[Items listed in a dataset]
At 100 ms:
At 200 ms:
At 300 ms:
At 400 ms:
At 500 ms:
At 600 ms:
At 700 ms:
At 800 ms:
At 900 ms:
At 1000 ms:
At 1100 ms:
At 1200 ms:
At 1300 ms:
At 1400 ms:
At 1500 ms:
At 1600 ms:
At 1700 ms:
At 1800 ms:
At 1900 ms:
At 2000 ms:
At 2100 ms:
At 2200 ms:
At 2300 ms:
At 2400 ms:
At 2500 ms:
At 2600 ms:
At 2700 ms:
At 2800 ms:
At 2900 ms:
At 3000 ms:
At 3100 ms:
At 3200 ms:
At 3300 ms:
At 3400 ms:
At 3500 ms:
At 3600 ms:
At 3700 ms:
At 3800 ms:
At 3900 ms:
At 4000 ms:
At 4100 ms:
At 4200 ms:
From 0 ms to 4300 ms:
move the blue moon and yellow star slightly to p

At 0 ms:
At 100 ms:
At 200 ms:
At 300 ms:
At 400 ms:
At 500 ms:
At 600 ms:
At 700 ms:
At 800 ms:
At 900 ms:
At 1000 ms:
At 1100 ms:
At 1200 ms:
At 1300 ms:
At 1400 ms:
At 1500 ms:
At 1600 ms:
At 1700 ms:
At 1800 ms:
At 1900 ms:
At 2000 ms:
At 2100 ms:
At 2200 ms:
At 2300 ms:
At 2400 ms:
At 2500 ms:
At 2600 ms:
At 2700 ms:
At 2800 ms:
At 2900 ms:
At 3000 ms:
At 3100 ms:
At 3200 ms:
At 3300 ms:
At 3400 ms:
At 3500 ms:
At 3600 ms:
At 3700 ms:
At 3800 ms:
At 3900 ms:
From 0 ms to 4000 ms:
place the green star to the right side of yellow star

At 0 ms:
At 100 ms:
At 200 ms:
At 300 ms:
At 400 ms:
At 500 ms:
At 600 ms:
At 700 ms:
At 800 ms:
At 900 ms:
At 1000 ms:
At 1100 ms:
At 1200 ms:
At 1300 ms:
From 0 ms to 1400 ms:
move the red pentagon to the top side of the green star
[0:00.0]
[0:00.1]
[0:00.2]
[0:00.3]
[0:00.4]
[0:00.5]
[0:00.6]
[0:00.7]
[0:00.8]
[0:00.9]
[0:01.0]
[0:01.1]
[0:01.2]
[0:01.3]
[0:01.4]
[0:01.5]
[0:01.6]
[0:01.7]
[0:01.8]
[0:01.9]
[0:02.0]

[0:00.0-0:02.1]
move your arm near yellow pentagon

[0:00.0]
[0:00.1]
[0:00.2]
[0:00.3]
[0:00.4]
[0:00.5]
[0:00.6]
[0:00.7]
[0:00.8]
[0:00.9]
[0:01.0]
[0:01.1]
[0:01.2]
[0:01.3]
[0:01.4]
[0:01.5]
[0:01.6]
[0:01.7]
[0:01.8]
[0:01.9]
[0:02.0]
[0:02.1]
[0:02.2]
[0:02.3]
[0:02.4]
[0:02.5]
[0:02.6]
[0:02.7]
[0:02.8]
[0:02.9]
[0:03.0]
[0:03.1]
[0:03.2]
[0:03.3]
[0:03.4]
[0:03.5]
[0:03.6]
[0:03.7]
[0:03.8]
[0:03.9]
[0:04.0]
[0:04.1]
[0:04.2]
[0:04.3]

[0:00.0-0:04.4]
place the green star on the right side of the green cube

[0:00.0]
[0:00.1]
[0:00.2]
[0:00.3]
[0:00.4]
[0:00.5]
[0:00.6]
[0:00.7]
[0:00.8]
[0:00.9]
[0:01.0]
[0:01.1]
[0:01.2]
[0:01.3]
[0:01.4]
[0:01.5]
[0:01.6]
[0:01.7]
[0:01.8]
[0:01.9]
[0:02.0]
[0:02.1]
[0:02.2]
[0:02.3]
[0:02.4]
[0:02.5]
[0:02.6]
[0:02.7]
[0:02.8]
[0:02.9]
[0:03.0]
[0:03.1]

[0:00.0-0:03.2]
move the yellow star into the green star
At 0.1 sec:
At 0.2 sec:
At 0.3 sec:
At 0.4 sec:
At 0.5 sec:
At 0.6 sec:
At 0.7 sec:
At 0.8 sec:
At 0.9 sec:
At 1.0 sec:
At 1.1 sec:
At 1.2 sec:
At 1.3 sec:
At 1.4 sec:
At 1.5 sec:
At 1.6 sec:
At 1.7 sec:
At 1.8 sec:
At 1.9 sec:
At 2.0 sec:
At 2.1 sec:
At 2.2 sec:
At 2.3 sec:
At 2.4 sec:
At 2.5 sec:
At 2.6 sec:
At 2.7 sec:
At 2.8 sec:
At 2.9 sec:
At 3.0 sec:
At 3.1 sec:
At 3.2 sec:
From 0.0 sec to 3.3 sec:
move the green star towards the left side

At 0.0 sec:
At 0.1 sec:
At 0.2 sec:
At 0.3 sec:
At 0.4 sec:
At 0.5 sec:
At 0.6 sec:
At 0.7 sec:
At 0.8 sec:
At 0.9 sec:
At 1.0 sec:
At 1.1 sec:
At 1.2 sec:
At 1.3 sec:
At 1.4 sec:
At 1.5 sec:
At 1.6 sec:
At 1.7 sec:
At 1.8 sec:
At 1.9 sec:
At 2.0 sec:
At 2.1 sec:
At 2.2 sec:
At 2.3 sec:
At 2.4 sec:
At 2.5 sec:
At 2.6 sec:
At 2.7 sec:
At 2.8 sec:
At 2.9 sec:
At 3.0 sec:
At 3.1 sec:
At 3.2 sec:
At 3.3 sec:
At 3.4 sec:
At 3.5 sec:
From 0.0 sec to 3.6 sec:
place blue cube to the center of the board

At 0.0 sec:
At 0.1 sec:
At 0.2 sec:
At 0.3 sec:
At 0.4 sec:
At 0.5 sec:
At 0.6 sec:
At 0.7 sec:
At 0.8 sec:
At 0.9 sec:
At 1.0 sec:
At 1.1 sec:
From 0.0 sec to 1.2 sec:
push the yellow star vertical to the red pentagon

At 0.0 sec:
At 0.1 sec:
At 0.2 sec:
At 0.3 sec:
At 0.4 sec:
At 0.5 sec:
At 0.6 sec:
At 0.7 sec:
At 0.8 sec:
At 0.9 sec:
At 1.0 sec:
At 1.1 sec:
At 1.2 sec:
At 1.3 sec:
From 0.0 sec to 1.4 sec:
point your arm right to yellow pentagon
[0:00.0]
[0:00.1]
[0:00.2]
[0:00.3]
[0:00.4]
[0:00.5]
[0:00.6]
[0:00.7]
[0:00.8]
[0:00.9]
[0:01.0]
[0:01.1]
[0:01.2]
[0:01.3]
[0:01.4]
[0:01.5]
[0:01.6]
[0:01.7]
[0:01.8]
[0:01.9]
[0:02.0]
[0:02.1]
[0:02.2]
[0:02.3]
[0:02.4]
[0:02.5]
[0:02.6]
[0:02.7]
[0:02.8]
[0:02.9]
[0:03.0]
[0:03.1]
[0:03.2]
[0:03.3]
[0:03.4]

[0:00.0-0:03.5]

• WHAT TO PRODUCE: Would you write the records out again, word for word?

• EXERCISE SOLUTION:
At 100 ms:
At 200 ms:
At 300 ms:
At 400 ms:
At 500 ms:
At 600 ms:
At 700 ms:
At 800 ms:
At 900 ms:
At 1000 ms:
At 1100 ms:
At 1200 ms:
At 1300 ms:
At 1400 ms:
At 1500 ms:
At 1600 ms:
At 1700 ms:
At 1800 ms:
At 1900 ms:
At 2000 ms:
At 2100 ms:
At 2200 ms:
At 2300 ms:
At 2400 ms:
At 2500 ms:
At 2600 ms:
At 2700 ms:
At 2800 ms:
At 2900 ms:
At 3000 ms:
At 3100 ms:
At 3200 ms:
At 3300 ms:
At 3400 ms:
At 3500 ms:
At 3600 ms:
At 3700 ms:
At 3800 ms:
At 3900 ms:
At 4000 ms:
At 4100 ms:
At 4200 ms:
From 0 ms to 4300 ms:
move the blue moon and yellow star slightly to p

At 0 ms:
At 100 ms:
At 200 ms:
At 300 ms:
At 400 ms:
At 500 ms:
At 600 ms:
At 700 ms:
At 800 ms:
At 900 ms:
At 1000 ms:
At 1100 ms:
At 1200 ms:
At 1300 ms:
At 1400 ms:
At 1500 ms:
At 1600 ms:
At 1700 ms:
At 1800 ms:
At 1900 ms:
At 2000 ms:
At 2100 ms:
At 2200 ms:
At 2300 ms:
At 2400 ms:
At 2500 ms:
At 2600 ms:
At 2700 ms:
At 2800 ms:
At 2900 ms:
At 3000 ms:
At 3100 ms:
At 3200 ms:
At 3300 ms:
At 3400 ms:
At 3500 ms:
At 3600 ms:
At 3700 ms:
At 3800 ms:
At 3900 ms:
From 0 ms to 4000 ms:
place the green star to the right side of yellow star

At 0 ms:
At 100 ms:
At 200 ms:
At 300 ms:
At 400 ms:
At 500 ms:
At 600 ms:
At 700 ms:
At 800 ms:
At 900 ms:
At 1000 ms:
At 1100 ms:
At 1200 ms:
At 1300 ms:
From 0 ms to 1400 ms:
move the red pentagon to the top side of the green star
[0:00.0]
[0:00.1]
[0:00.2]
[0:00.3]
[0:00.4]
[0:00.5]
[0:00.6]
[0:00.7]
[0:00.8]
[0:00.9]
[0:01.0]
[0:01.1]
[0:01.2]
[0:01.3]
[0:01.4]
[0:01.5]
[0:01.6]
[0:01.7]
[0:01.8]
[0:01.9]
[0:02.0]

[0:00.0-0:02.1]
move your arm near yellow pentagon

[0:00.0]
[0:00.1]
[0:00.2]
[0:00.3]
[0:00.4]
[0:00.5]
[0:00.6]
[0:00.7]
[0:00.8]
[0:00.9]
[0:01.0]
[0:01.1]
[0:01.2]
[0:01.3]
[0:01.4]
[0:01.5]
[0:01.6]
[0:01.7]
[0:01.8]
[0:01.9]
[0:02.0]
[0:02.1]
[0:02.2]
[0:02.3]
[0:02.4]
[0:02.5]
[0:02.6]
[0:02.7]
[0:02.8]
[0:02.9]
[0:03.0]
[0:03.1]
[0:03.2]
[0:03.3]
[0:03.4]
[0:03.5]
[0:03.6]
[0:03.7]
[0:03.8]
[0:03.9]
[0:04.0]
[0:04.1]
[0:04.2]
[0:04.3]

[0:00.0-0:04.4]
place the green star on the right side of the green cube

[0:00.0]
[0:00.1]
[0:00.2]
[0:00.3]
[0:00.4]
[0:00.5]
[0:00.6]
[0:00.7]
[0:00.8]
[0:00.9]
[0:01.0]
[0:01.1]
[0:01.2]
[0:01.3]
[0:01.4]
[0:01.5]
[0:01.6]
[0:01.7]
[0:01.8]
[0:01.9]
[0:02.0]
[0:02.1]
[0:02.2]
[0:02.3]
[0:02.4]
[0:02.5]
[0:02.6]
[0:02.7]
[0:02.8]
[0:02.9]
[0:03.0]
[0:03.1]

[0:00.0-0:03.2]
move the yellow star into the green star
At 0.1 sec:
At 0.2 sec:
At 0.3 sec:
At 0.4 sec:
At 0.5 sec:
At 0.6 sec:
At 0.7 sec:
At 0.8 sec:
At 0.9 sec:
At 1.0 sec:
At 1.1 sec:
At 1.2 sec:
At 1.3 sec:
At 1.4 sec:
At 1.5 sec:
At 1.6 sec:
At 1.7 sec:
At 1.8 sec:
At 1.9 sec:
At 2.0 sec:
At 2.1 sec:
At 2.2 sec:
At 2.3 sec:
At 2.4 sec:
At 2.5 sec:
At 2.6 sec:
At 2.7 sec:
At 2.8 sec:
At 2.9 sec:
At 3.0 sec:
At 3.1 sec:
At 3.2 sec:
From 0.0 sec to 3.3 sec:
move the green star towards the left side

At 0.0 sec:
At 0.1 sec:
At 0.2 sec:
At 0.3 sec:
At 0.4 sec:
At 0.5 sec:
At 0.6 sec:
At 0.7 sec:
At 0.8 sec:
At 0.9 sec:
At 1.0 sec:
At 1.1 sec:
At 1.2 sec:
At 1.3 sec:
At 1.4 sec:
At 1.5 sec:
At 1.6 sec:
At 1.7 sec:
At 1.8 sec:
At 1.9 sec:
At 2.0 sec:
At 2.1 sec:
At 2.2 sec:
At 2.3 sec:
At 2.4 sec:
At 2.5 sec:
At 2.6 sec:
At 2.7 sec:
At 2.8 sec:
At 2.9 sec:
At 3.0 sec:
At 3.1 sec:
At 3.2 sec:
At 3.3 sec:
At 3.4 sec:
At 3.5 sec:
From 0.0 sec to 3.6 sec:
place blue cube to the center of the board

At 0.0 sec:
At 0.1 sec:
At 0.2 sec:
At 0.3 sec:
At 0.4 sec:
At 0.5 sec:
At 0.6 sec:
At 0.7 sec:
At 0.8 sec:
At 0.9 sec:
At 1.0 sec:
At 1.1 sec:
From 0.0 sec to 1.2 sec:
push the yellow star vertical to the red pentagon

At 0.0 sec:
At 0.1 sec:
At 0.2 sec:
At 0.3 sec:
At 0.4 sec:
At 0.5 sec:
At 0.6 sec:
At 0.7 sec:
At 0.8 sec:
At 0.9 sec:
At 1.0 sec:
At 1.1 sec:
At 1.2 sec:
At 1.3 sec:
From 0.0 sec to 1.4 sec:
point your arm right to yellow pentagon
[0:00.0]
[0:00.1]
[0:00.2]
[0:00.3]
[0:00.4]
[0:00.5]
[0:00.6]
[0:00.7]
[0:00.8]
[0:00.9]
[0:01.0]
[0:01.1]
[0:01.2]
[0:01.3]
[0:01.4]
[0:01.5]
[0:01.6]
[0:01.7]
[0:01.8]
[0:01.9]
[0:02.0]
[0:02.1]
[0:02.2]
[0:02.3]
[0:02.4]
[0:02.5]
[0:02.6]
[0:02.7]
[0:02.8]
[0:02.9]
[0:03.0]
[0:03.1]
[0:03.2]
[0:03.3]
[0:03.4]

[0:00.0-0:03.5]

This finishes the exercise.